Ce cours présente les approches et technologies de séquençage et d'hybridation à très haut-débit qui permettent d'explorer les génomes, métagénomes, transcriptomes et régulomes. Quelque soit le domaine du vivant (microorganisme, végétal, animal, humain) ces technologies révolutionnent les connaissances fondamentales en biologie moléculaire (contenu des génomes, régulation de l'expression des génomes) et trouvent des applications en agrosciences (agro-génomique), environnement (éco-génomique) ou en médecine génomique (génomique des cancers, des maladies complexes, médecine personnalisée). Ce cours intègre la présentation des démarches et outils bioinformatiques et biostatistiques nécessaires au traitement des masses de données issues de ces grands projets d'exploration moléculaire des mécanismes du vivant. Il s'organise en cours, en TD (exercices, lectures et exposés d'articles) et en TP en salle informatique (découverte des ressources internationales sur le web). Ce cours présente sa documentation essentiellement en langue anglaise. Il a lieu en présentiel (35h : 23h CM, 8h TD, 4h TP). Cet espace rassemble l'ensemble des documents de l'UE ainsi que des ressources numériques supplémentaires pour approfondir (lectures, tests de connaissance, analyses bioinformatiques pratiques). L'UE est évaluée par plusieurs travaux en continu (30%) et par un examen terminal écrit (70%).

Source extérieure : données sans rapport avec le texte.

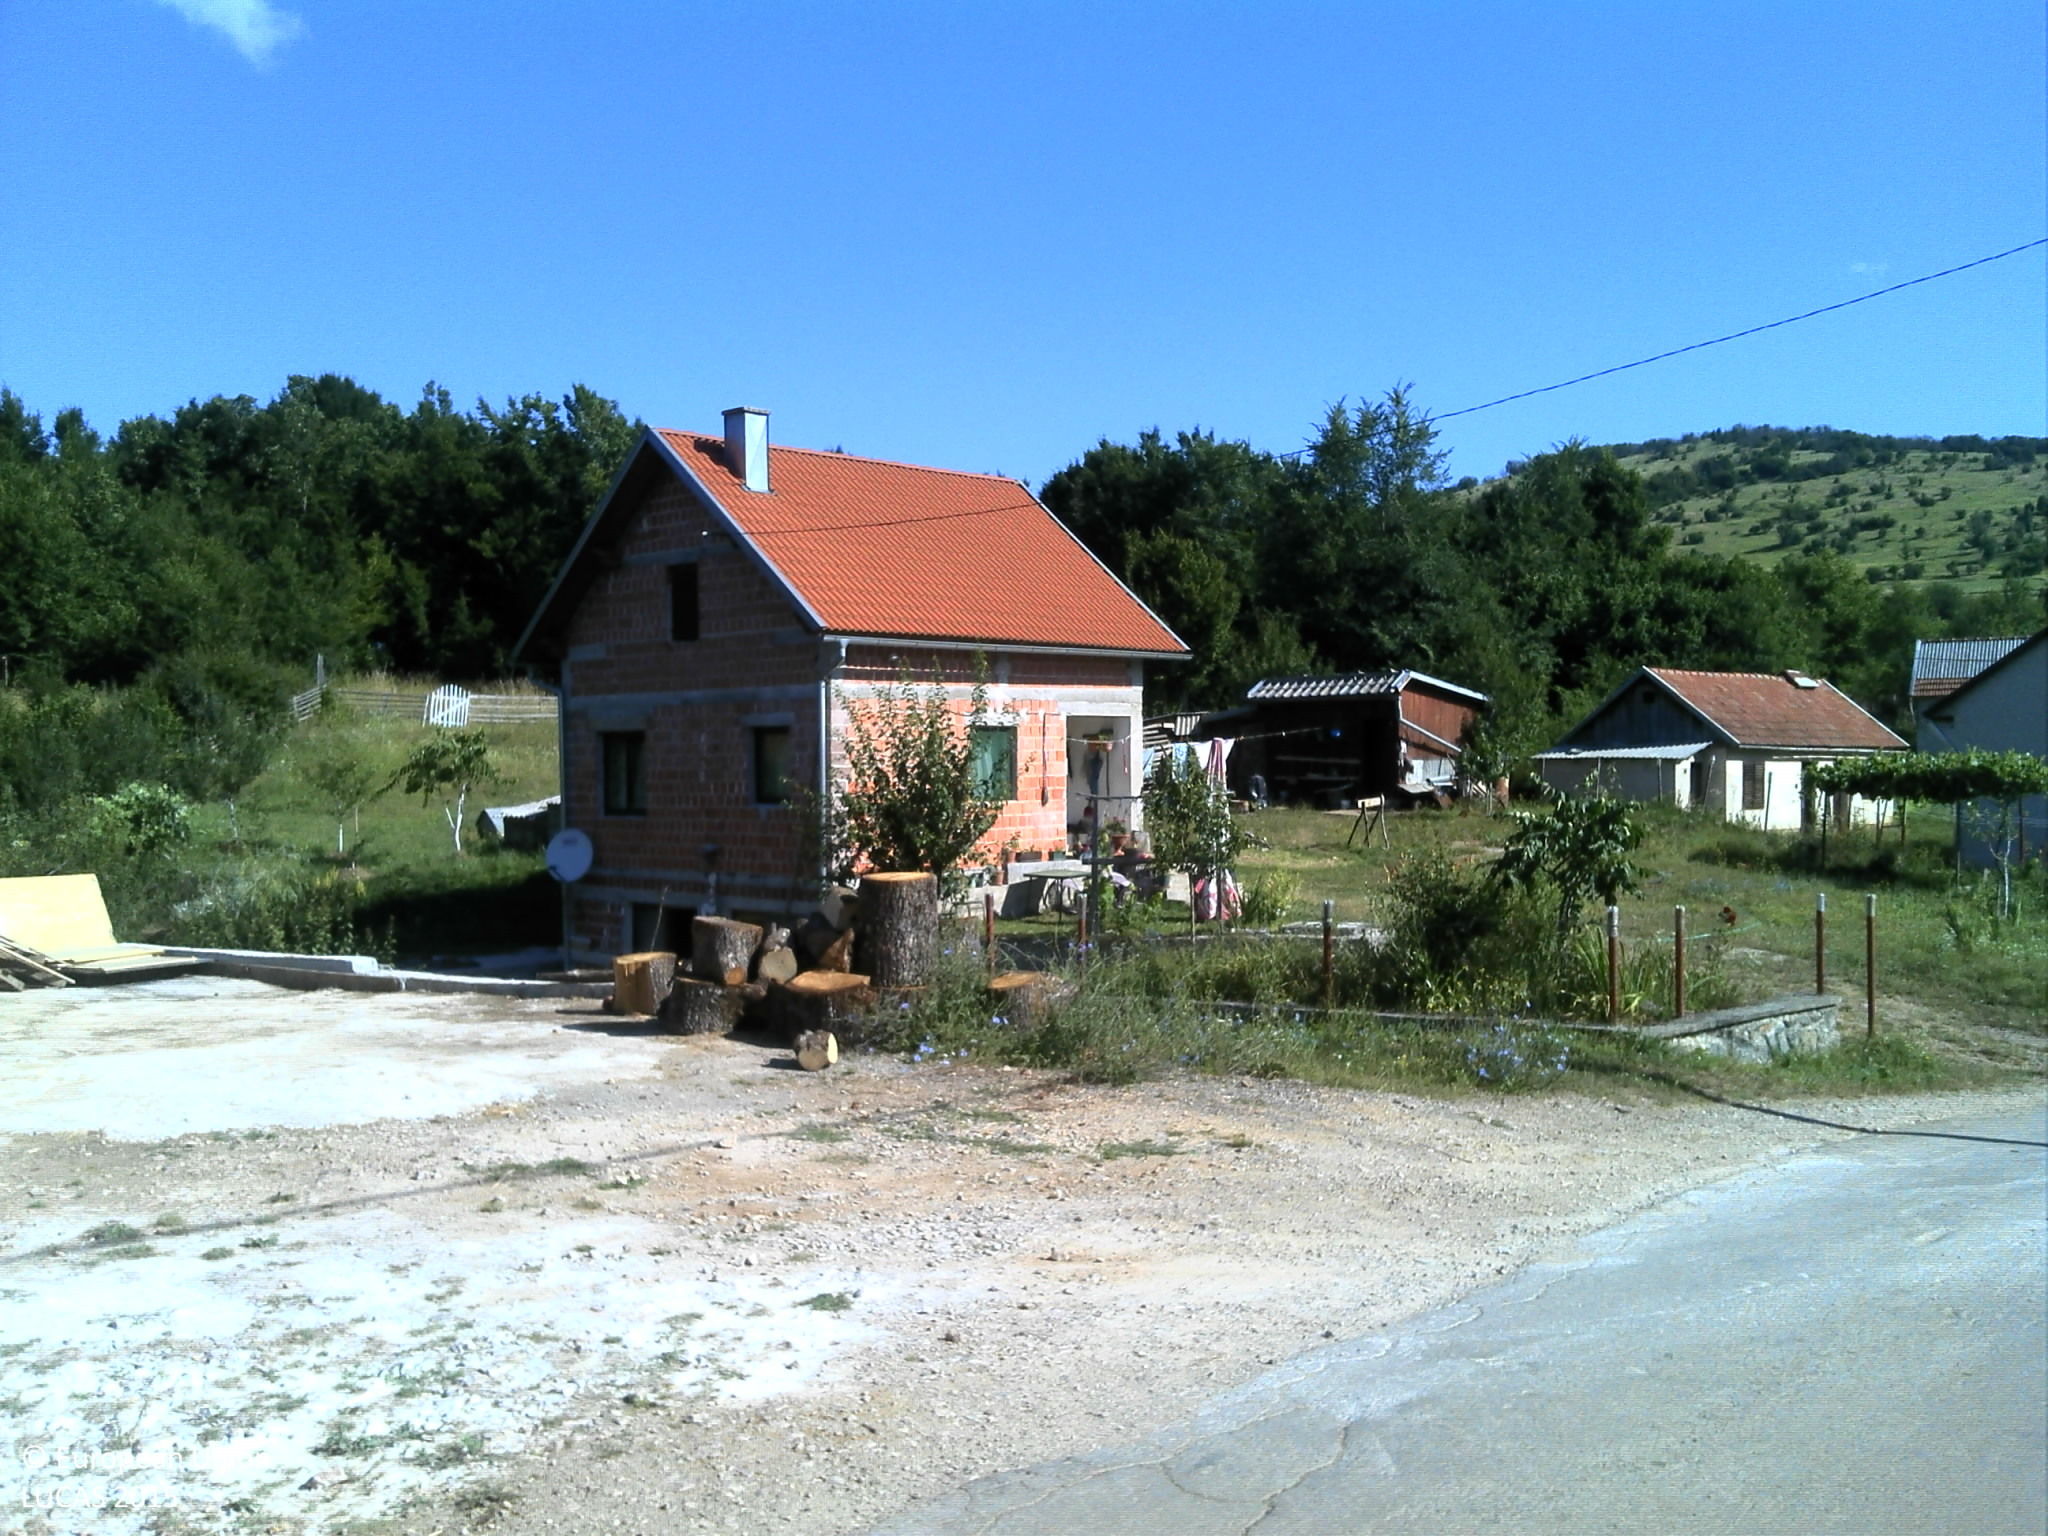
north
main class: Cropland
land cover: Other fruit trees and berries
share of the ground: 10 - 25 %
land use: Kitchen garden
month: July
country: HR
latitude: 44.8720
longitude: 15.1712

Cet enseignement se structure en deux thèmes abordés sous forme de cours,TD et TP en salle informatique : 1/ Évolution des génomes : mécanismes moléculaires impliqués dans l'évolution de la structure et du contenu des génomes (duplications de génomes et de segments, ohnologues, familles de protéines, implication des éléments mobiles, origine des introns.) ; méthodes d’études (cartographie comparée, analyse de synténie, analyse comparative de séquences de génomes complets). 2/Phylogénie moléculaire : Origine de la phylogénie et concepts de bases en phylogénie moléculaire ; Caractéristiques des arbres (topologie, enracinement) ; Premières phylogénies moléculaires (horloge moléculaire, choix de l'ARNr, arbre du vivant). Règles de reconstruction des arbres : choix des séquences, alignement multiple de séquences et méthodes de reconstruction d'arbres phylogénétiques ; Estimation de la robustesse d'un arbre ; Applications et limites de la phylogénie. L'UE est évaluée par plusieurs travaux en continu (30%) et par un examen terminal écrit (70%).

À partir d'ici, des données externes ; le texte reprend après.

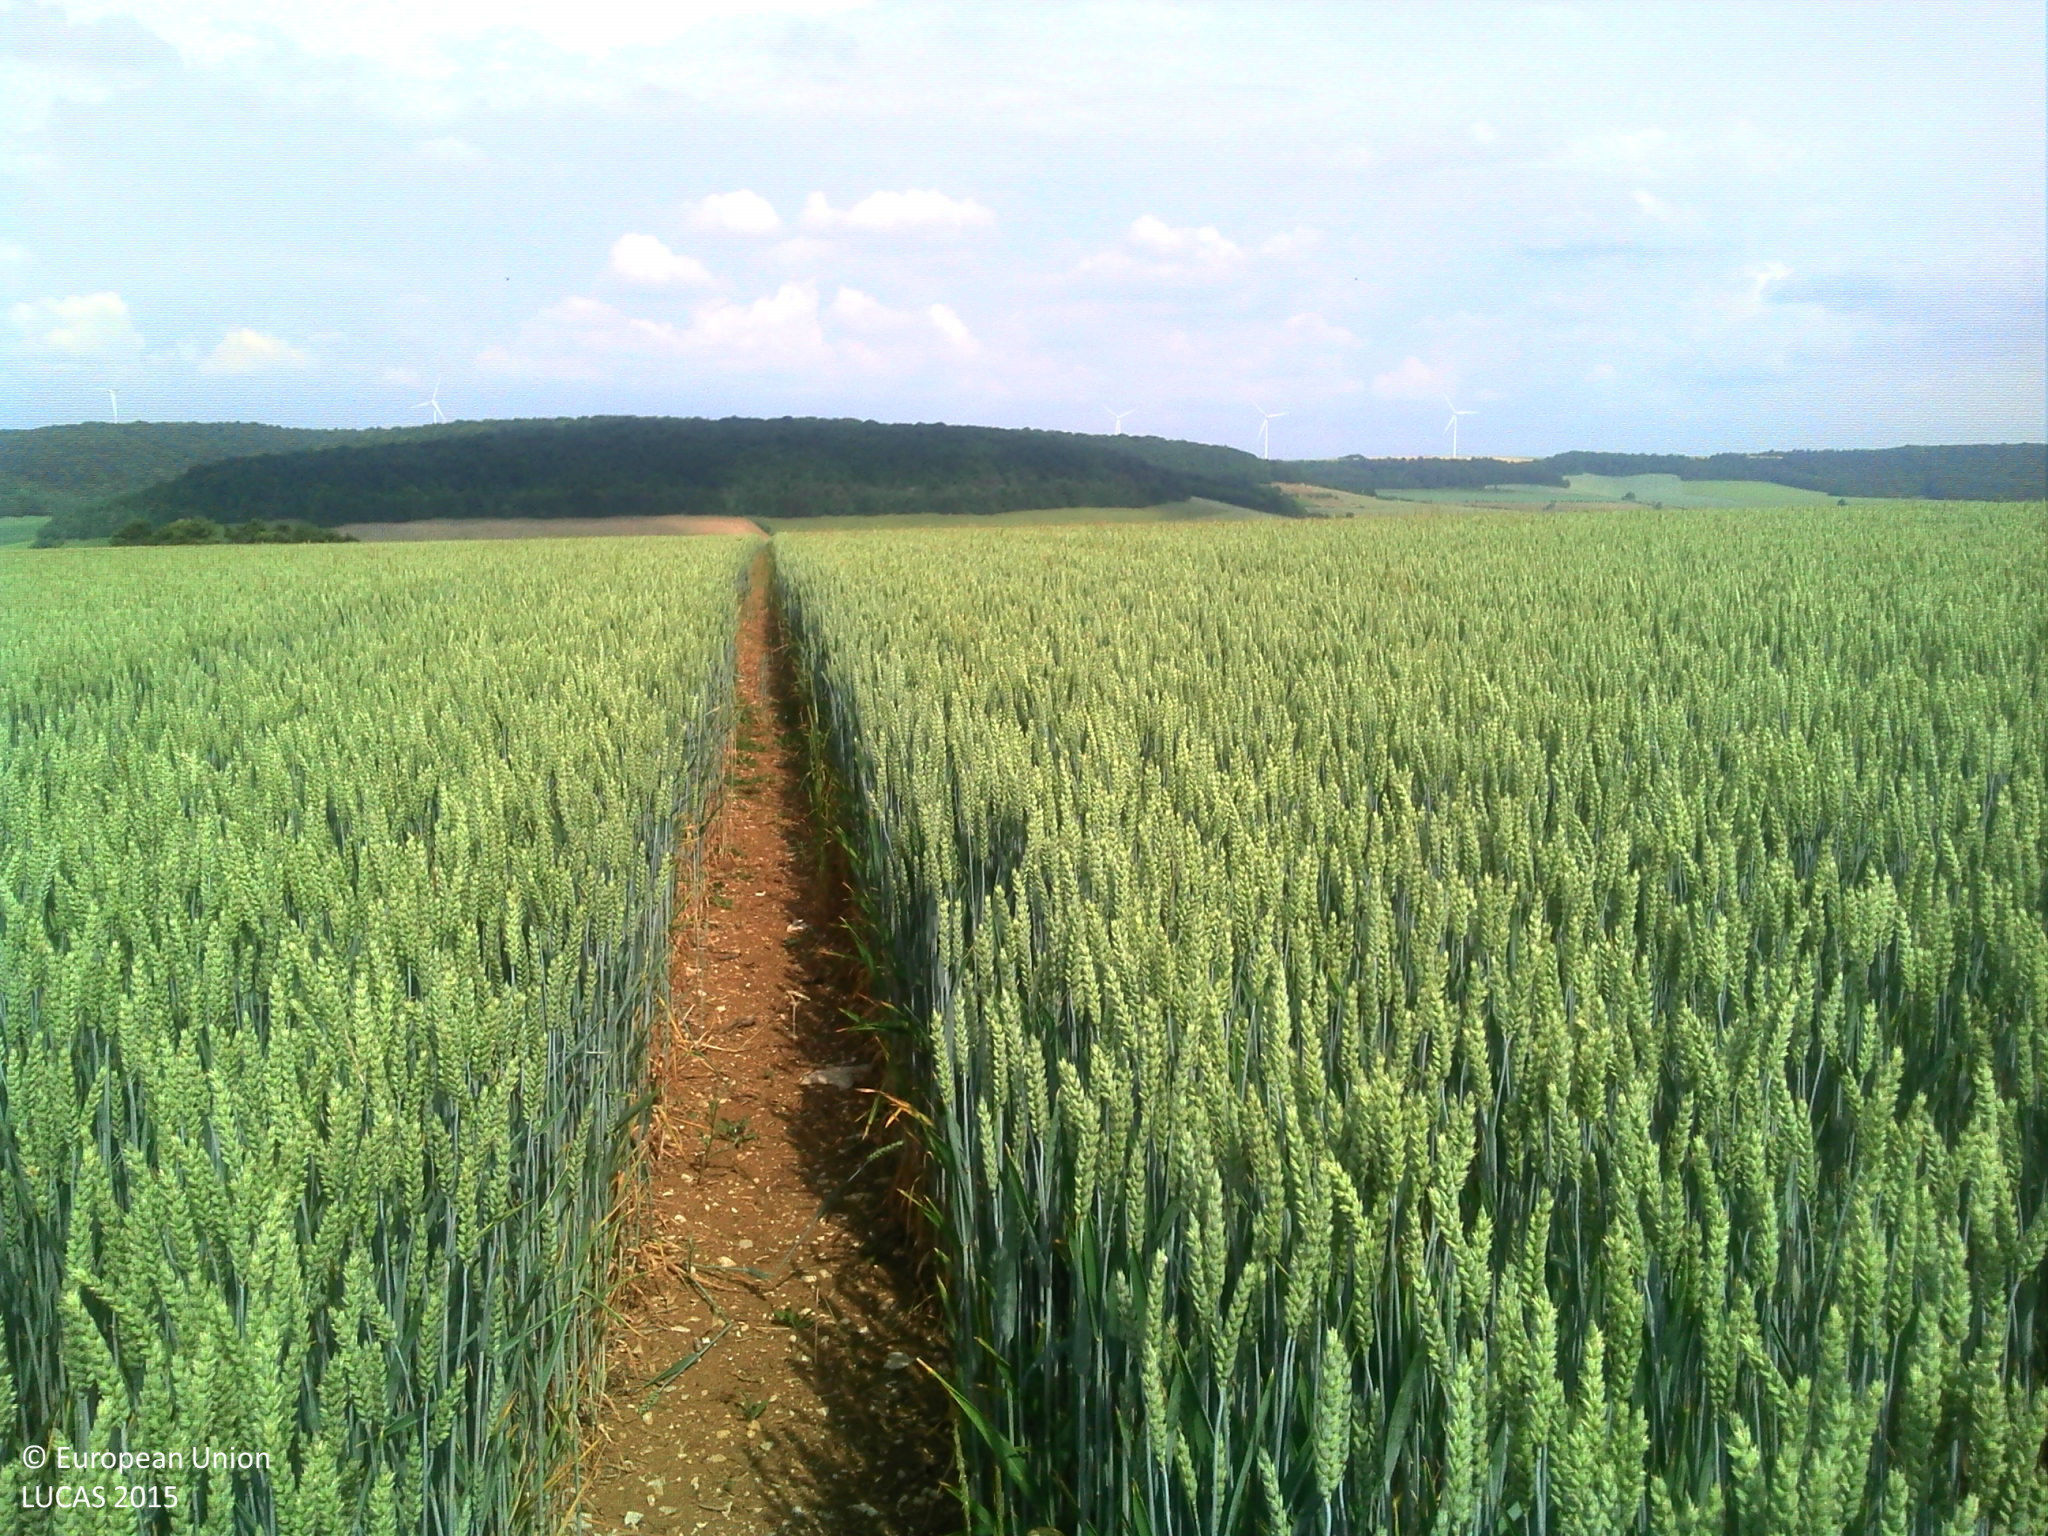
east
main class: Cropland
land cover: Common wheat
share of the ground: > 75 %
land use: Agriculture (excluding fallow land and kitchen gardens)
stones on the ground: 10 - 25 %
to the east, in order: Common wheat
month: June
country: FR
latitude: 48.3058
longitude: 4.9427

Série de quatre UE intitulées "Connaissance de l'Entreprise et Insertion Professionnelle [1-4]" à chaque semestre du master. Elles sont dédiées à la préparation des démarches professionnelles.

  • L'UE CEIP1 du M1S1 (10h TD + travail personnel; 1 CE)  accompagne la recherche du stage de M1 et prépare dans le même temps à l'alternance et aux démarches pour obtenir son contrat d'apprentissage en M2 : découverte du domaine professionnel et des carrières en bioinformatique; gestion et démarche qualité de sa recherche de stage M1 et de mission en M2, présentation des démarches à l'international, formalisation et conventionnement des propositions; travail aux outils écrits, présentation de son parcours (CV) et expression de ses motivations (LM); présentations et retour d'expérience par les étudiants du M2; présentation des propositions de stage et missions proposées par les partenaires. Après une phase collective, les étudiants sont accompagnés individuellement durant tout le processus (d'octobre à janvier) selon leurs souhaits scientifiques et géographiques. L'évaluation (1 CE) est réalisée sur la base de la qualité de l'implication personnelle et des documents finaux produits. 

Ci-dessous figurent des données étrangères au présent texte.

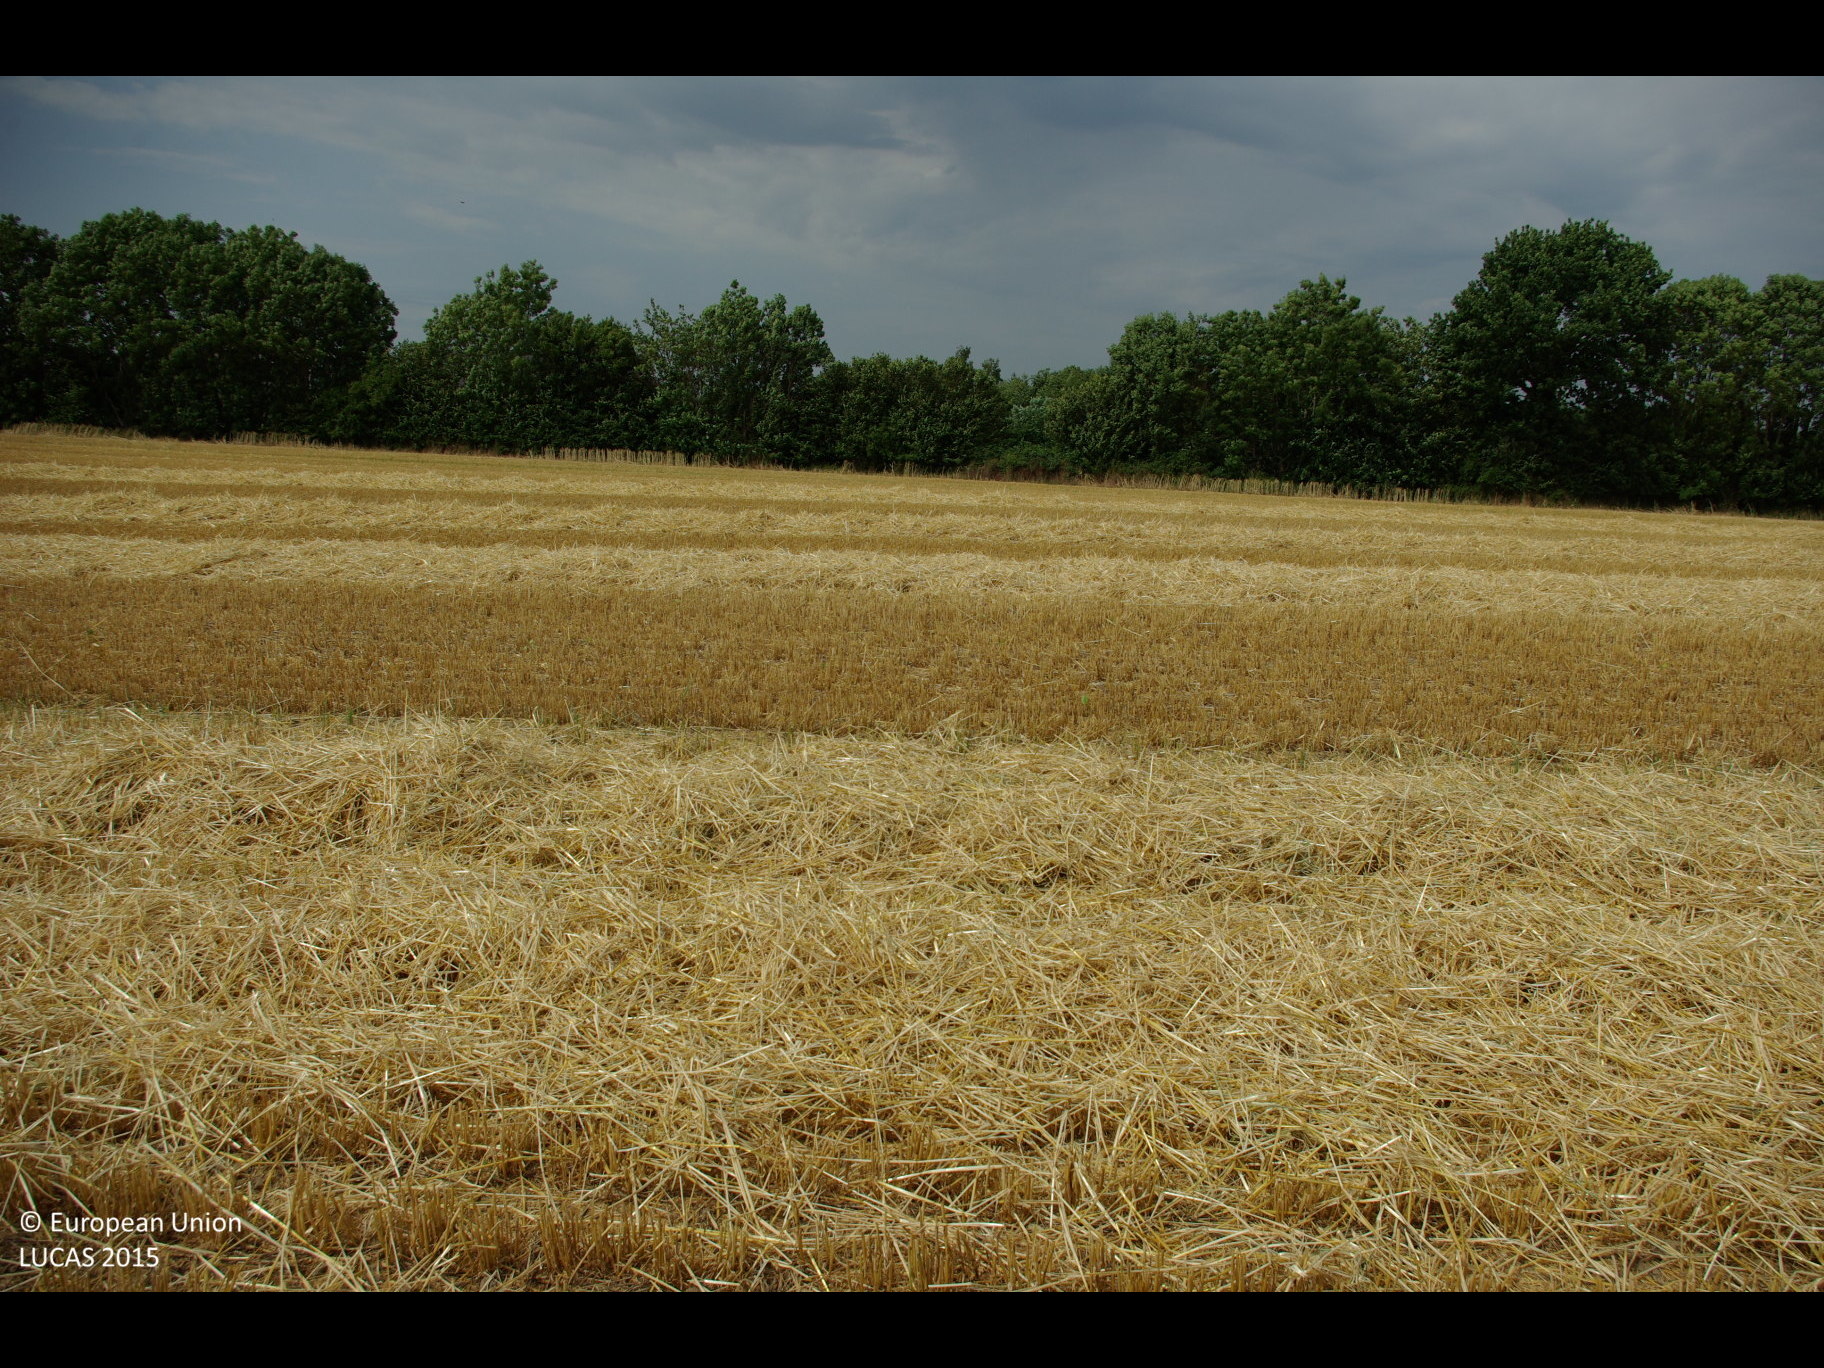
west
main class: Cropland
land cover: Barley
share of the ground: < 10 %
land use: Agriculture (excluding fallow land and kitchen gardens)
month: July
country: DE
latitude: 54.7497
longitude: 9.8603

  • L'UE CEIP2 du M1S2 (12h TD + travail personnel; 1 CE) prépare à la communication et veille scientifiques : veille scientifique (outils de recherche avancée (MeSH) et de gestion bibliographique (format bibTeX, gestionnaire de références), rédaction de documents scientifiques (méthodes et outils avancés, maitrise des styles et LaTex), présentation orale de son travail. L'évaluation (1 CE) est réalisée sur la base des productions personnelles demandées (canevas du rapport écrit et présentation orale du projet de stage).